:: RECORDS

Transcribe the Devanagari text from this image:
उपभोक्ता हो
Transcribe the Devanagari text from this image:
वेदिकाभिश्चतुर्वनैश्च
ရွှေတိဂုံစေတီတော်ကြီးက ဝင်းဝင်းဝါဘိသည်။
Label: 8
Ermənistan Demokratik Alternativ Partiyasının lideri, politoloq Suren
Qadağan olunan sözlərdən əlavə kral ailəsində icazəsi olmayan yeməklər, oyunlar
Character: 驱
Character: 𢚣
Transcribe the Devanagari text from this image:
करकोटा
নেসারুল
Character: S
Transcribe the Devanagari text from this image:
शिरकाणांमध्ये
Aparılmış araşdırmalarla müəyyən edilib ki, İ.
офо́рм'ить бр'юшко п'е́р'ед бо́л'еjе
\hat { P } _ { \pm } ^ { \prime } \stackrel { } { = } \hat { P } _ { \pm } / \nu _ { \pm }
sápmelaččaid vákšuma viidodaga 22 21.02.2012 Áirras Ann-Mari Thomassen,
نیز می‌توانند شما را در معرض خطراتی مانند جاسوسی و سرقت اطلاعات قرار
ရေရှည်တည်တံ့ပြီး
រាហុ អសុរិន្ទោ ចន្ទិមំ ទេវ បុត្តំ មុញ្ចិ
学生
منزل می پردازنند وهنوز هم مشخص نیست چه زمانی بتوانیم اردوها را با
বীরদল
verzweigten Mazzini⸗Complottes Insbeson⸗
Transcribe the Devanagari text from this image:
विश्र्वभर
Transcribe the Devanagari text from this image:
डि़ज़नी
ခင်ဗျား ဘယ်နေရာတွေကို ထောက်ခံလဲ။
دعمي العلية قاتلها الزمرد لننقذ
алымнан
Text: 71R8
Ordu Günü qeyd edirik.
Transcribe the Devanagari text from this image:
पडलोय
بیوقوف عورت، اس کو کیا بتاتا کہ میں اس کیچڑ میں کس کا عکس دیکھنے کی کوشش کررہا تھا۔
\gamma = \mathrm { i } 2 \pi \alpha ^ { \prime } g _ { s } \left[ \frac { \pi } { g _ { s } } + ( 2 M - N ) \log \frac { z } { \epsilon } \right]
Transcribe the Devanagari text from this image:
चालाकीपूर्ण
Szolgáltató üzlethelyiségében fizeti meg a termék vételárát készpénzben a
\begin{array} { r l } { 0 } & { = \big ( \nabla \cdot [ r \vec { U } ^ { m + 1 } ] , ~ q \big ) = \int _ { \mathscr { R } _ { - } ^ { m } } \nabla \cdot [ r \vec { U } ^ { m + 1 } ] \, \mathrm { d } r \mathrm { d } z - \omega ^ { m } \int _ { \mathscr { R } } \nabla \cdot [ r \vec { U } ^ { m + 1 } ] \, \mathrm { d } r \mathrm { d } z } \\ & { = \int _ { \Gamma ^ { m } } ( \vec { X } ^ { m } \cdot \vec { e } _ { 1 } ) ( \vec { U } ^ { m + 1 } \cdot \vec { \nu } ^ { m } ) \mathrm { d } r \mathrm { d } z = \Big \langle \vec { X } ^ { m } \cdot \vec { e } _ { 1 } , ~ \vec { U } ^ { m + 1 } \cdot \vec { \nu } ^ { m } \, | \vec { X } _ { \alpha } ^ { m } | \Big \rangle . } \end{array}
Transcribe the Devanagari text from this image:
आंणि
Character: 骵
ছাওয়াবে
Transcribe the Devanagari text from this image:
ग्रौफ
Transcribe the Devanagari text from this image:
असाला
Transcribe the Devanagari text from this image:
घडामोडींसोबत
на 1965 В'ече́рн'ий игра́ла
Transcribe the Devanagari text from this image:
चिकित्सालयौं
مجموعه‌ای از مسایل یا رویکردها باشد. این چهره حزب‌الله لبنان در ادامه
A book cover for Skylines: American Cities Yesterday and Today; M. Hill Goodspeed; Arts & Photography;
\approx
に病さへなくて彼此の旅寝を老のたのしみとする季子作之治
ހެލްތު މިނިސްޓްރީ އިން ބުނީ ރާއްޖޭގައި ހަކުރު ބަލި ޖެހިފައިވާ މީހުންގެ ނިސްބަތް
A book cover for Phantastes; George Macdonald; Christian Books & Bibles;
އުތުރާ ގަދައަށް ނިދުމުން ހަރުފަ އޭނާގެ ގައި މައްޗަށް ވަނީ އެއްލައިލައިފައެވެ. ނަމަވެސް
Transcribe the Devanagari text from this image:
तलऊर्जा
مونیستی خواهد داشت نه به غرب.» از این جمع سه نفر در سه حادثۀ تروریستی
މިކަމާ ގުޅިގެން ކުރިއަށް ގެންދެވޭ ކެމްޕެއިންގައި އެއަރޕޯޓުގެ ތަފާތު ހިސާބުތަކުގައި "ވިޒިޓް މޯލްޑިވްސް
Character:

::::

### WORK TO COMPLETE
Copy each of the records above so that nothing differs from the original.

### EXERCISE SOLUTION
Transcribe the Devanagari text from this image:
उपभोक्ता हो
Transcribe the Devanagari text from this image:
वेदिकाभिश्चतुर्वनैश्च
ရွှေတိဂုံစေတီတော်ကြီးက ဝင်းဝင်းဝါဘိသည်။
Label: 8
Ermənistan Demokratik Alternativ Partiyasının lideri, politoloq Suren
Qadağan olunan sözlərdən əlavə kral ailəsində icazəsi olmayan yeməklər, oyunlar
Character: 驱
Character: 𢚣
Transcribe the Devanagari text from this image:
करकोटा
নেসারুল
Character: S
Transcribe the Devanagari text from this image:
शिरकाणांमध्ये
Aparılmış araşdırmalarla müəyyən edilib ki, İ.
офо́рм'ить бр'юшко п'е́р'ед бо́л'еjе
\hat { P } _ { \pm } ^ { \prime } \stackrel { } { = } \hat { P } _ { \pm } / \nu _ { \pm }
sápmelaččaid vákšuma viidodaga 22 21.02.2012 Áirras Ann-Mari Thomassen,
نیز می‌توانند شما را در معرض خطراتی مانند جاسوسی و سرقت اطلاعات قرار
ရေရှည်တည်တံ့ပြီး
រាហុ អសុរិន្ទោ ចន្ទិមំ ទេវ បុត្តំ មុញ្ចិ
学生
منزل می پردازنند وهنوز هم مشخص نیست چه زمانی بتوانیم اردوها را با
বীরদল
verzweigten Mazzini⸗Complottes Insbeson⸗
Transcribe the Devanagari text from this image:
विश्र्वभर
Transcribe the Devanagari text from this image:
डि़ज़नी
ခင်ဗျား ဘယ်နေရာတွေကို ထောက်ခံလဲ။
دعمي العلية قاتلها الزمرد لننقذ
алымнан
Text: 71R8
Ordu Günü qeyd edirik.
Transcribe the Devanagari text from this image:
पडलोय
بیوقوف عورت، اس کو کیا بتاتا کہ میں اس کیچڑ میں کس کا عکس دیکھنے کی کوشش کررہا تھا۔
\gamma = \mathrm { i } 2 \pi \alpha ^ { \prime } g _ { s } \left[ \frac { \pi } { g _ { s } } + ( 2 M - N ) \log \frac { z } { \epsilon } \right]
Transcribe the Devanagari text from this image:
चालाकीपूर्ण
Szolgáltató üzlethelyiségében fizeti meg a termék vételárát készpénzben a
\begin{array} { r l } { 0 } & { = \big ( \nabla \cdot [ r \vec { U } ^ { m + 1 } ] , ~ q \big ) = \int _ { \mathscr { R } _ { - } ^ { m } } \nabla \cdot [ r \vec { U } ^ { m + 1 } ] \, \mathrm { d } r \mathrm { d } z - \omega ^ { m } \int _ { \mathscr { R } } \nabla \cdot [ r \vec { U } ^ { m + 1 } ] \, \mathrm { d } r \mathrm { d } z } \\ & { = \int _ { \Gamma ^ { m } } ( \vec { X } ^ { m } \cdot \vec { e } _ { 1 } ) ( \vec { U } ^ { m + 1 } \cdot \vec { \nu } ^ { m } ) \mathrm { d } r \mathrm { d } z = \Big \langle \vec { X } ^ { m } \cdot \vec { e } _ { 1 } , ~ \vec { U } ^ { m + 1 } \cdot \vec { \nu } ^ { m } \, | \vec { X } _ { \alpha } ^ { m } | \Big \rangle . } \end{array}
Transcribe the Devanagari text from this image:
आंणि
Character: 骵
ছাওয়াবে
Transcribe the Devanagari text from this image:
ग्रौफ
Transcribe the Devanagari text from this image:
असाला
Transcribe the Devanagari text from this image:
घडामोडींसोबत
на 1965 В'ече́рн'ий игра́ла
Transcribe the Devanagari text from this image:
चिकित्सालयौं
مجموعه‌ای از مسایل یا رویکردها باشد. این چهره حزب‌الله لبنان در ادامه
A book cover for Skylines: American Cities Yesterday and Today; M. Hill Goodspeed; Arts & Photography;
\approx
に病さへなくて彼此の旅寝を老のたのしみとする季子作之治
ހެލްތު މިނިސްޓްރީ އިން ބުނީ ރާއްޖޭގައި ހަކުރު ބަލި ޖެހިފައިވާ މީހުންގެ ނިސްބަތް
A book cover for Phantastes; George Macdonald; Christian Books & Bibles;
އުތުރާ ގަދައަށް ނިދުމުން ހަރުފަ އޭނާގެ ގައި މައްޗަށް ވަނީ އެއްލައިލައިފައެވެ. ނަމަވެސް
Transcribe the Devanagari text from this image:
तलऊर्जा
مونیستی خواهد داشت نه به غرب.» از این جمع سه نفر در سه حادثۀ تروریستی
މިކަމާ ގުޅިގެން ކުރިއަށް ގެންދެވޭ ކެމްޕެއިންގައި އެއަރޕޯޓުގެ ތަފާތު ހިސާބުތަކުގައި "ވިޒިޓް މޯލްޑިވްސް
Character:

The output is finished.